[Problem details] Set down each line of the material that follows exactly, and leave its pictures out.

[Material provided]

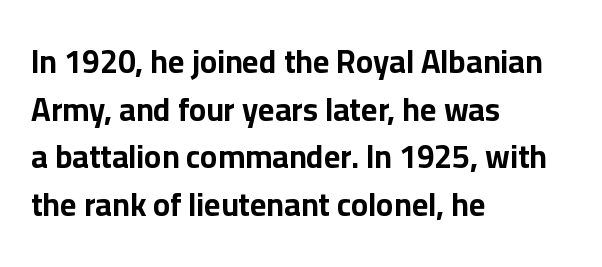
The image shows 32 px bold sans-serif type, upright; set left-aligned, normal line spacing (1.49x), normal letter spacing, not underlined; low stroke contrast and a medium x-height.
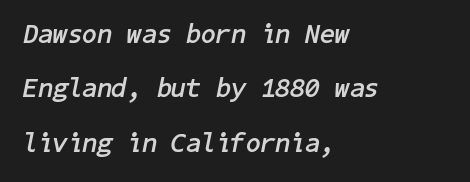
{"italic": "yes", "lean": "right", "slant_degrees": 11, "bold": "yes", "underline": "no", "align": "left", "line_spacing": "loose", "line_spacing_ratio": 2.01, "letter_spacing": "normal", "letter_spacing_em": 0.0, "glyph_px": 27}
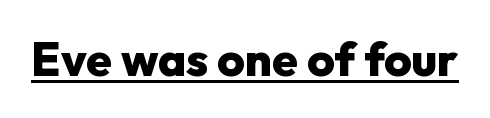
Each letter keeps its own natural width here, so spacing adapts to shape. The rendering shows plain stroke endings on the letterforms — a sans-serif design. Vertical strokes here are truly vertical. Glance below the letters and you will spot a drawn line. Is the letter spacing exaggerated? No — it looks like the ordinary default.

[Written solution]
The image shows 32 px bold sans-serif type, upright; set left-aligned, normal line spacing (1.49x), normal letter spacing, not underlined; low stroke contrast and a medium x-height.
{"italic": "yes", "lean": "right", "slant_degrees": 11, "bold": "yes", "underline": "no", "align": "left", "line_spacing": "loose", "line_spacing_ratio": 2.01, "letter_spacing": "normal", "letter_spacing_em": 0.0, "glyph_px": 27}
Each letter keeps its own natural width here, so spacing adapts to shape. The rendering shows plain stroke endings on the letterforms — a sans-serif design. Vertical strokes here are truly vertical. Glance below the letters and you will spot a drawn line. Is the letter spacing exaggerated? No — it looks like the ordinary default.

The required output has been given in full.